Aku membuka mata dengan malas mendengar teriakkan bundaku.
"Tinggal naik angkot atau ojek kan bisa? Aduh Bun, aku tuh cape banget, bisa besok aja gak ke sekolahnya? Kemarin kan baru aja lomba masa gaada istirahatnya. Ijinin aku ya? sehari aja Bun. Bunda bebas deh mau ngijinin aku apa aja ke guru."
"Apa-apaan ijin-ijin enak aja. Gak ada ijin, harus sekolah. Cepet sana mandi terus sarapan."
"Iya Bun, tapi ongkos ditambah kan buat naik angkot atau ojek?"
"Salah sendiri kamu bangun kesiangan, bunda gak bakal nambahin. Pake duit kamu sendiri sana.""Yah si bunda mah gitu amat sama anak sendiri."
"Cukup-cukupin buat sampe pulang nanti, jangan diabisin. Sisain buat simpenan kamu biar kalo ada apa-apa kaya sekarang kamu ada tabungan."
"Insyaallah kalo ga khilaf jajan Bun hehe"
"Ketawa lagi, kan kamu udah bunda bawain bekel. Nanti jangan lupa dibawa bekelnya.""Siap ibunda ratu."
“Oh iya itu medali kamu jangan lupa dibawa buat laporan ke sekolah”
“Ga ah males bawa, ngapain, nanti dikira pamer Bun. Ntar kan di umumin di depan tuh suruh maju, aku gamau bikin orang iri. Besoknya aja aku bawa buat laporan ke kepsek."
“Lho kenapa? Itu mah dianya aja sih yang iri karena ga bisa kayak kamu.”
“Ntar tuh pasti ada aja yang sirik Bun, gak boleh ada yang lebih dari dia. Aku paling males cari masalah sama orang kayak gitu.”
“Yaudah terserah kamu aja. Jangan lupa sarapan dulu nanti sebelum berangkat.”

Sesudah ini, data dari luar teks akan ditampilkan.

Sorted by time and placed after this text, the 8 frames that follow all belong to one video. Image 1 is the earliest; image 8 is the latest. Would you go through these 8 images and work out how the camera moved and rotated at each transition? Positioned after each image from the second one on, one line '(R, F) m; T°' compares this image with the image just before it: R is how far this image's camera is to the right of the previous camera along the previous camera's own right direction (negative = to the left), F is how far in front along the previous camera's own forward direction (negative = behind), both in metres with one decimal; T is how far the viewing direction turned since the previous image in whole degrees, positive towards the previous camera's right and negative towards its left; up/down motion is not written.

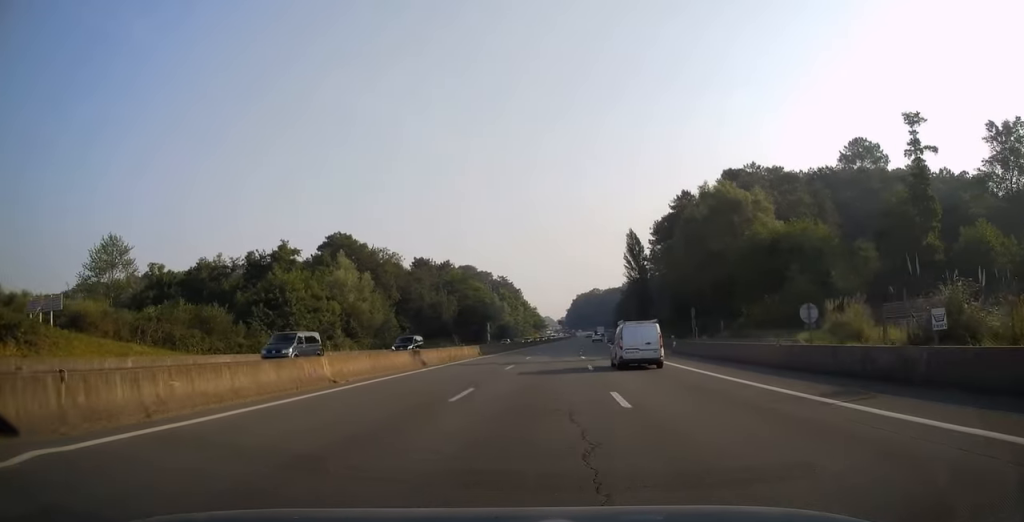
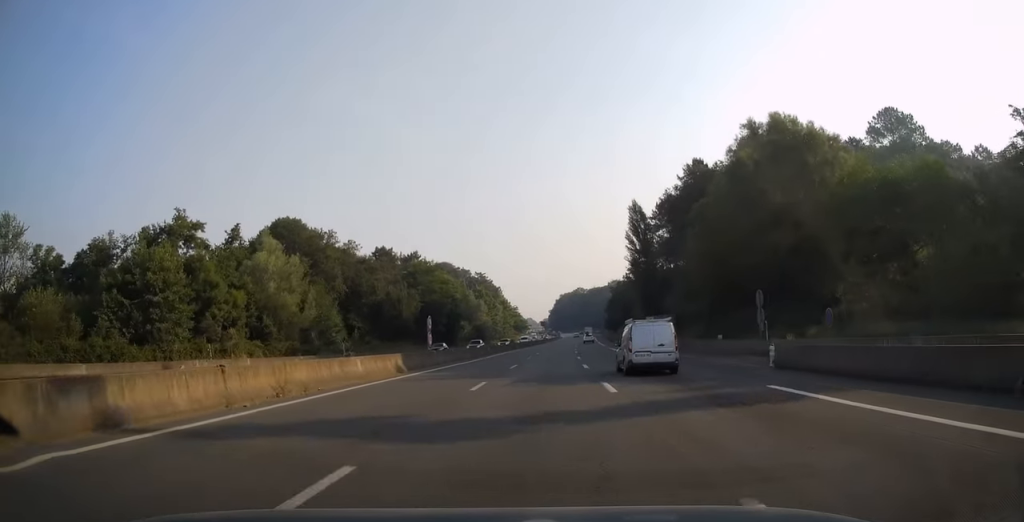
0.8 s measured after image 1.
(+0.3, +22.6) m; +2°
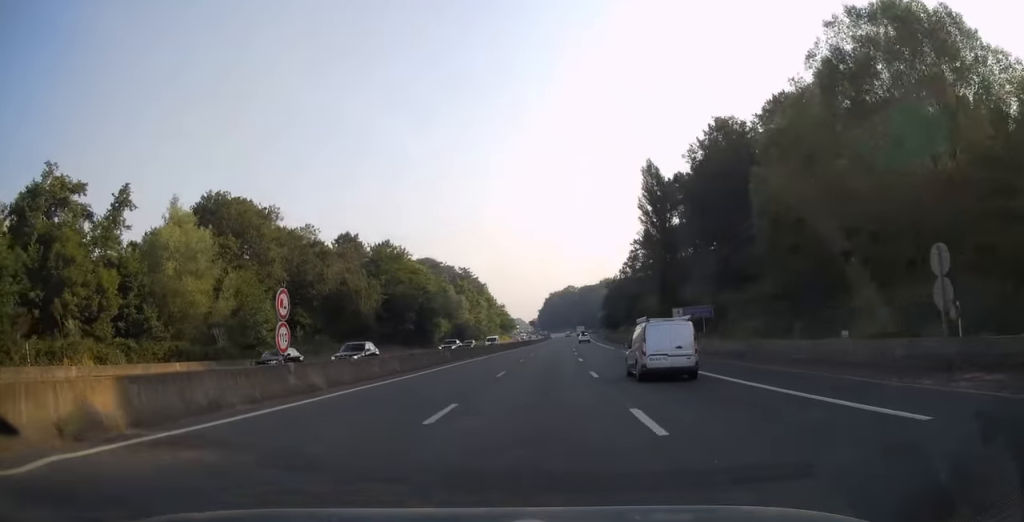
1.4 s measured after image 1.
(+0.3, +19.2) m; +1°
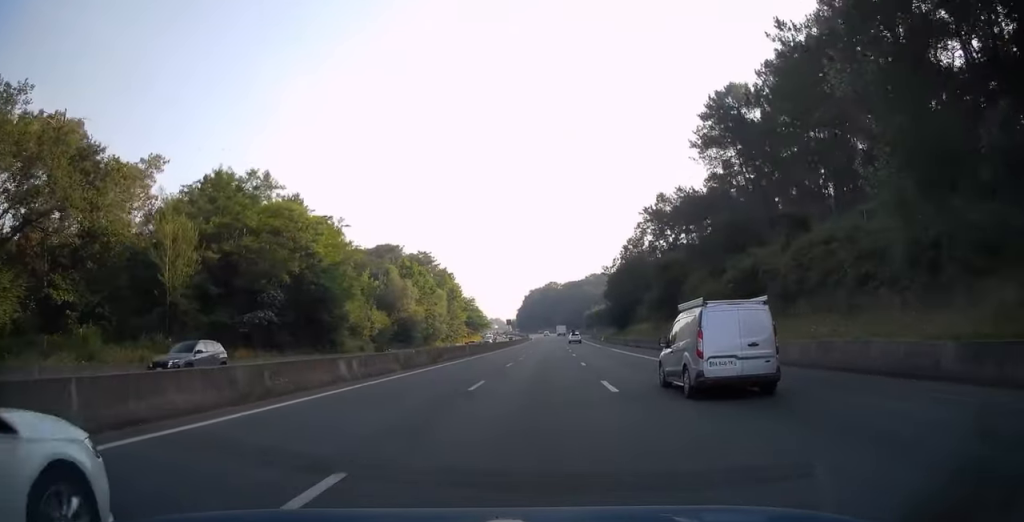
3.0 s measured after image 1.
(+0.6, +45.7) m; +1°
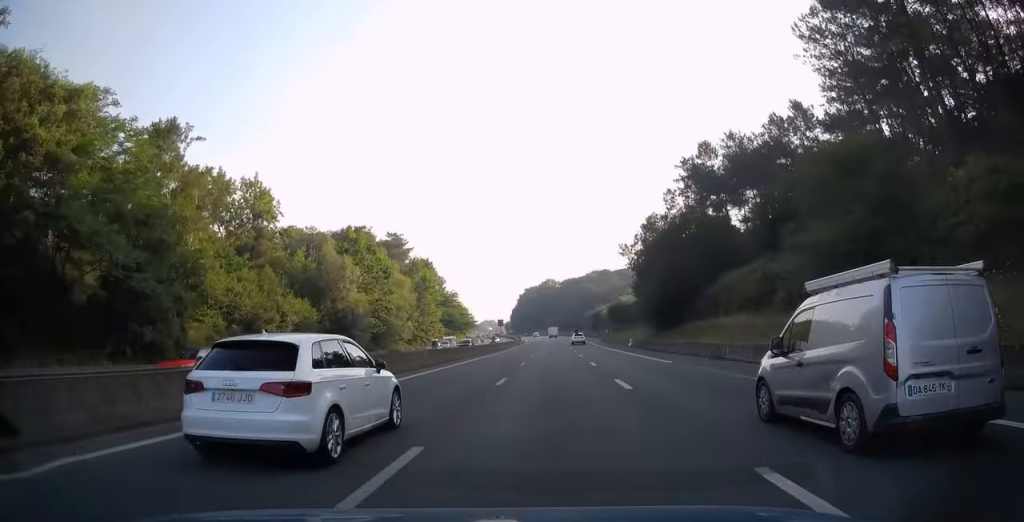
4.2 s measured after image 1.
(+0.2, +37.2) m; 0°
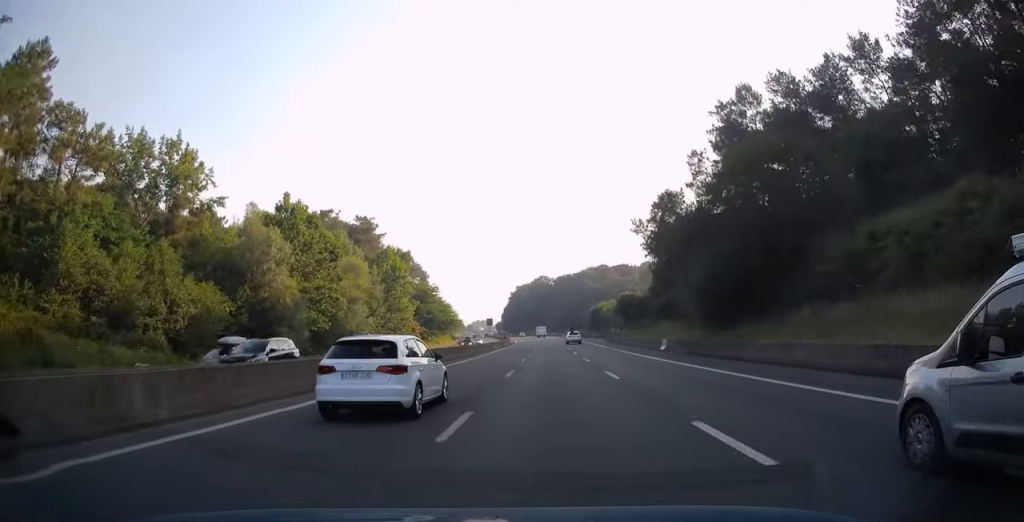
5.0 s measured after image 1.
(0.0, +22.5) m; 0°
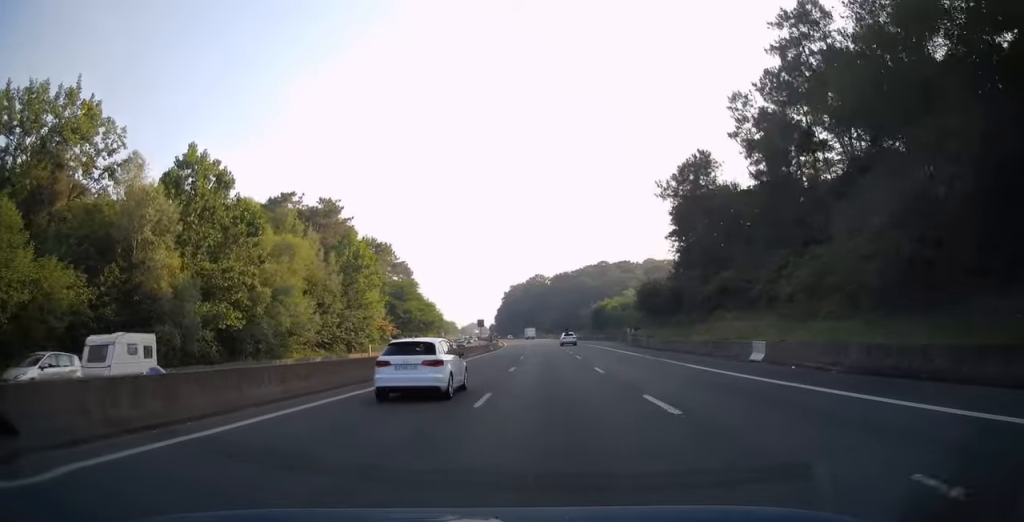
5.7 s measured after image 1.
(0.0, +21.6) m; 0°
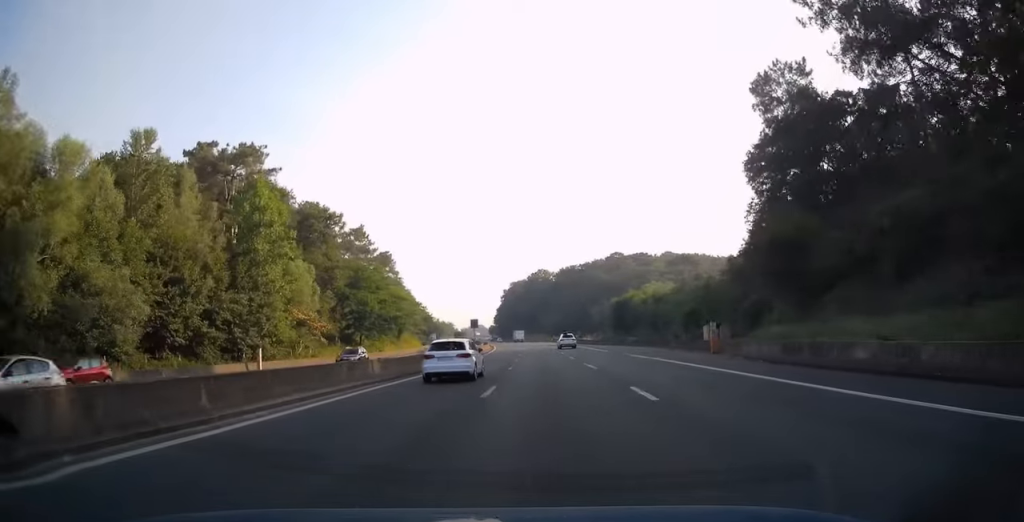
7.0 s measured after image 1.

Pukul 06.50 aku baru berangkat dari rumah, aku berangkat dengan terburu – buru tentunya. Padahal dari rumahku sampai ke sekolah memakan waktu sekitar 15 menit, sedangkan gerbang sekolah di tutup pukul 07.00. Aku sangat berharap hari ini tidak telat masuknya, tapi mengingat hari ini adalah hari Senin, peluangku untuk sampai tepat waktu sangatlah mustahil. Sebelum berangkat , sudah pasti aku selalu menyalami ibuku dan mencium pipinya.
KAMU SEDANG MEMBACA
A Journey to Love Myself
Teen Fiction[ON GOING] Quinnsha Afsheen Fredella, seorang siswi SMA Caraka yang gemar berolahraga. Ia adalah atlet panahan yang tidak pernah absen selalu menyumbangkan medali untuk sekolahnya, tapi setiap kali ia memenangkan lomba tak pernah melaporkannya ke se...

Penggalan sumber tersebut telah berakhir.